Troubled Families scheme on course for success
PUBLISHED: 07:00 09 January 2015
The government programme that aims to reduce the financial and social cost of “troubled families” has successfully “turned around” more than three quarters of those targeted.
Under the scheme, launched in 2011, one council team works with the whole of a family on all of its problems in a tough, intensive and co-ordinated way, rather than different services reacting to individual problems.
It covers families with serious issues such as drug and alcohol abuse, crime and anti-social behaviour, mental health and those receiving work-related benefits.
Of the 415 in Havering, 322 (77.6 per cent) have now been turned round, more than the London average (66.1pc) and national average (72.4pc).
The borough now been chosen for phase 2 of the programme, which will begin after the General Election in May.
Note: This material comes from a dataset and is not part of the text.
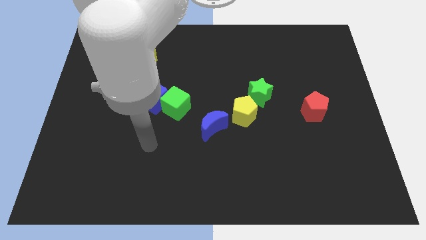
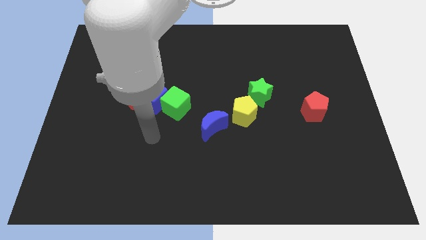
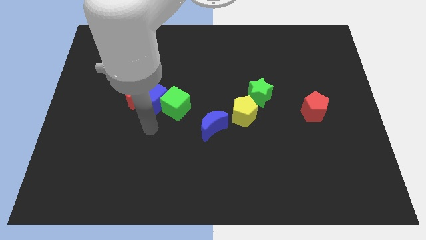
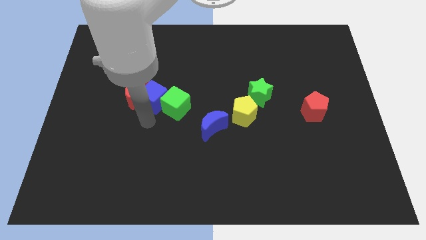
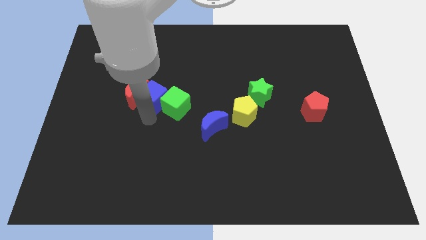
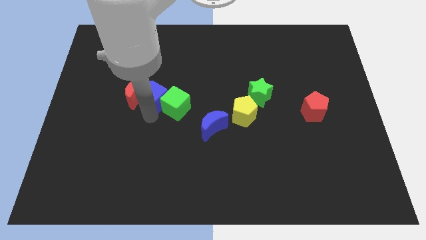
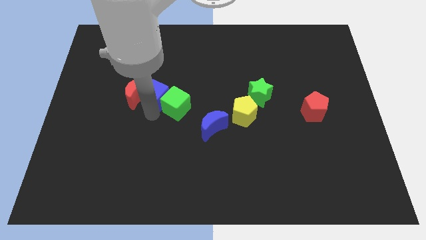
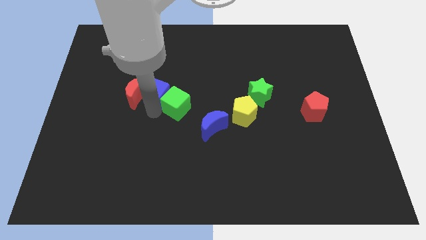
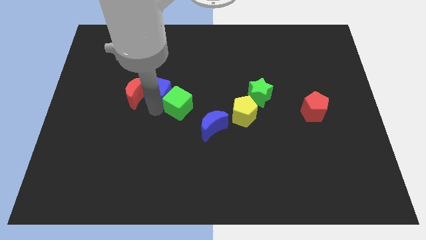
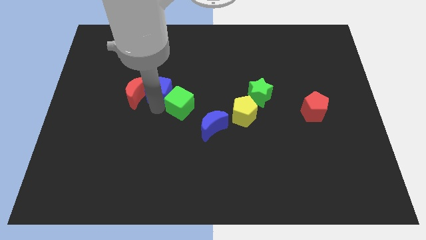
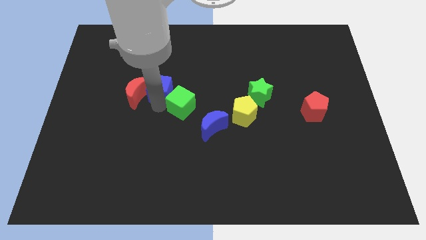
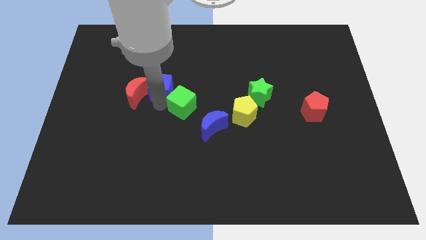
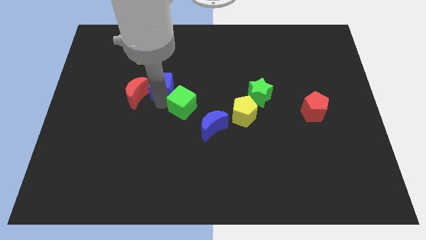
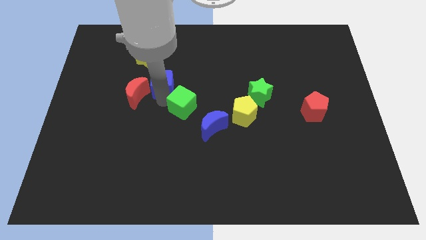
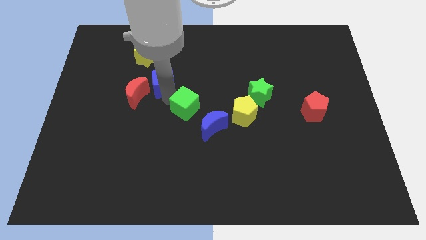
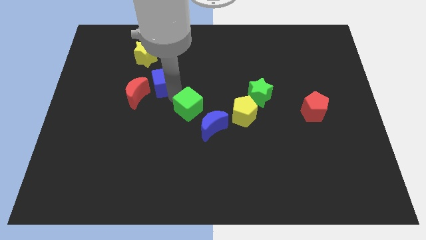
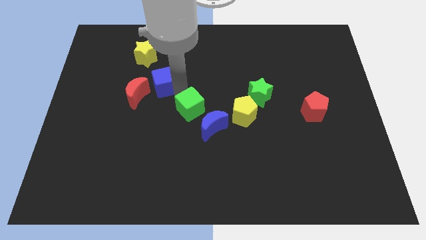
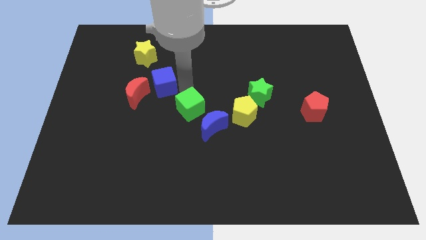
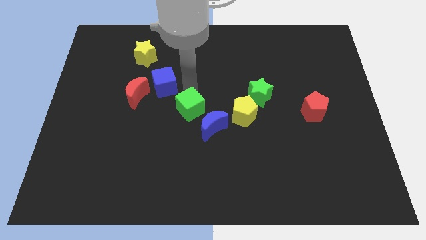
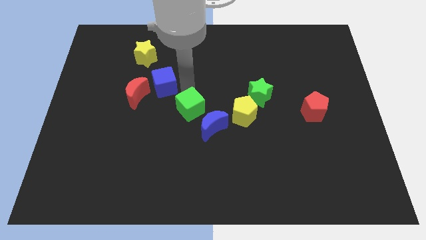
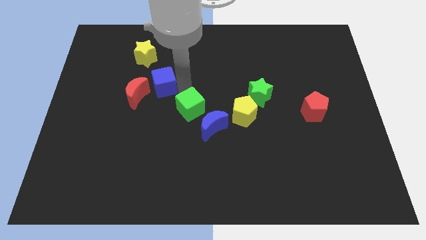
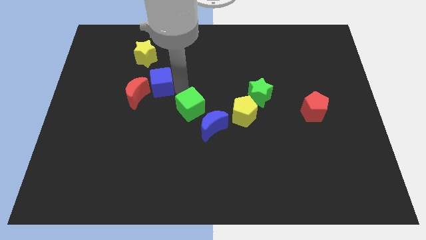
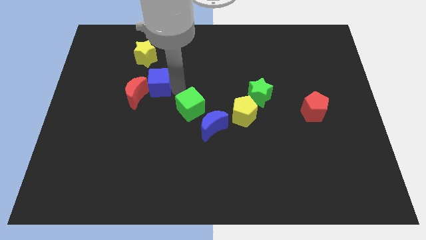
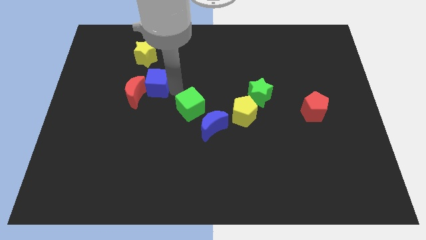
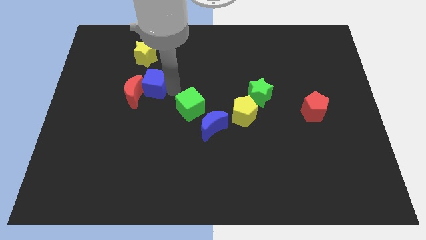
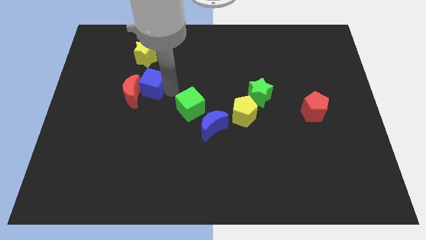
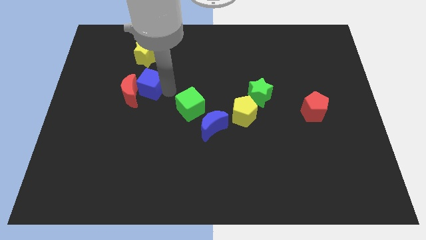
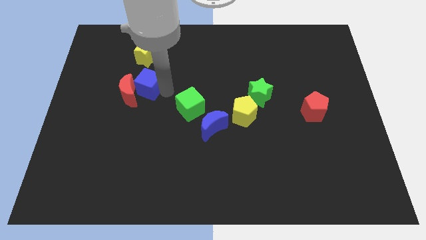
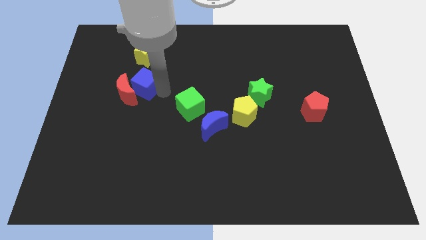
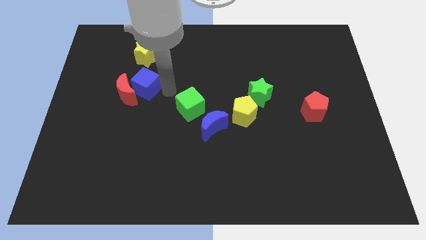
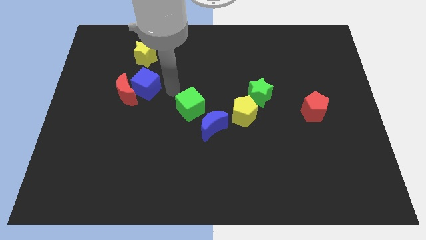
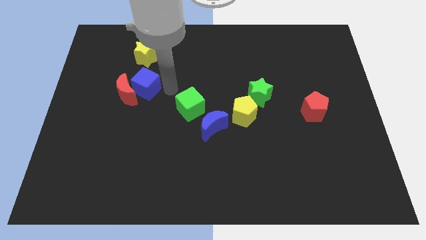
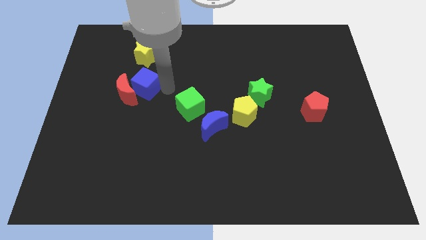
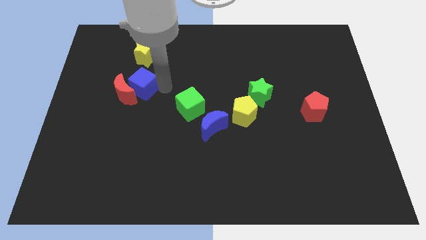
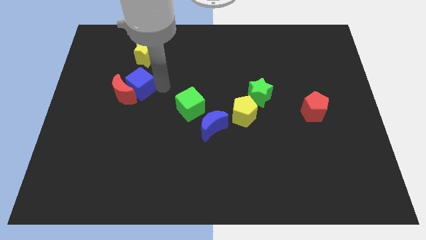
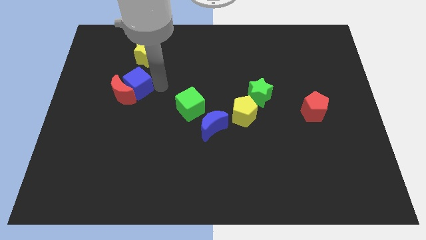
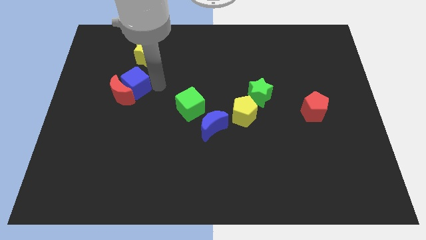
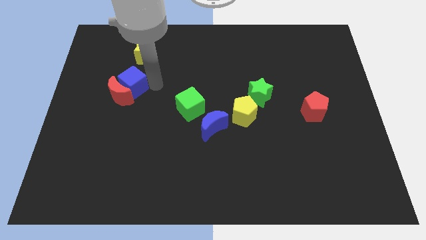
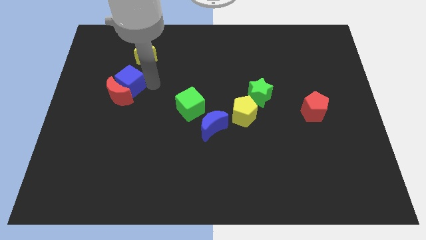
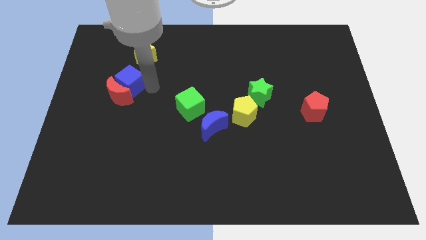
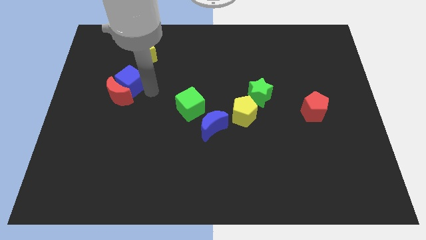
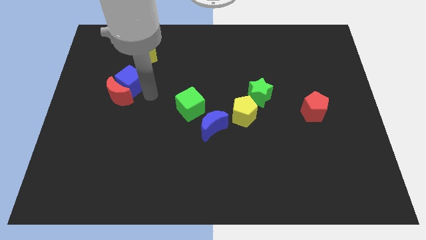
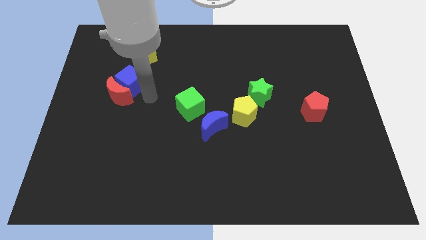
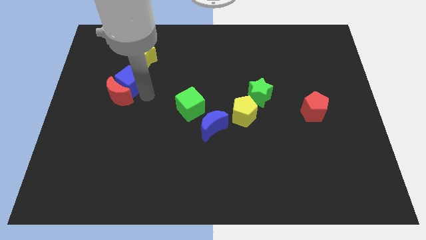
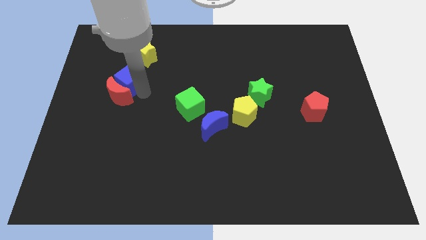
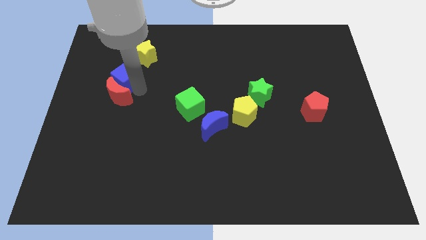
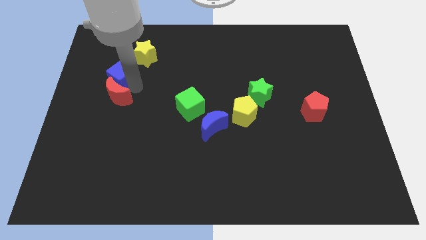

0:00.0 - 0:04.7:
move the blue cube away from the red moon and green cube

It will continue to tackle the same issues and additionally work with children who are in danger of leaving school without qualifications, and families where a parent is due to leave jail.
Cllr Meg Davis, cabinet member for children and learning, said: “Our work on this programme is important as it’s helping to change the lives of some of the borough’s most vulnerable families. We are well on track to improve the future of all families on our programme by the time the first phase finishes this spring.
“Tackling the issues facing these families will help them to become self-reliant, so they will not need to rely on help from us and other authorities in the future.”
The reward-based scheme has seen Havering receive £300,000 from the government, which has been used to support further work as part of the programme within schools, children’s centres, the youth offending service and voluntary and community groups.
More than half (56.1pc/233) of the families are now achieving a 60pc reduction in crime and anti-social behaviour in the past six months, as well as less than 15pc unauthorised absence from school.
Havering chose to work with Job Centre Plus (JCP) to get people into sustained employment. With at least one parent in 89 families now in work, the borough is ranked fourth best in London for the area.
The neighbouring boroughs have had varied success in the scheme.
Redbridge has also turned around 77.6pc of its 550 troubled families, Barking and Dagenham 79.1pc of 645 and Newham 61.1pc of 985.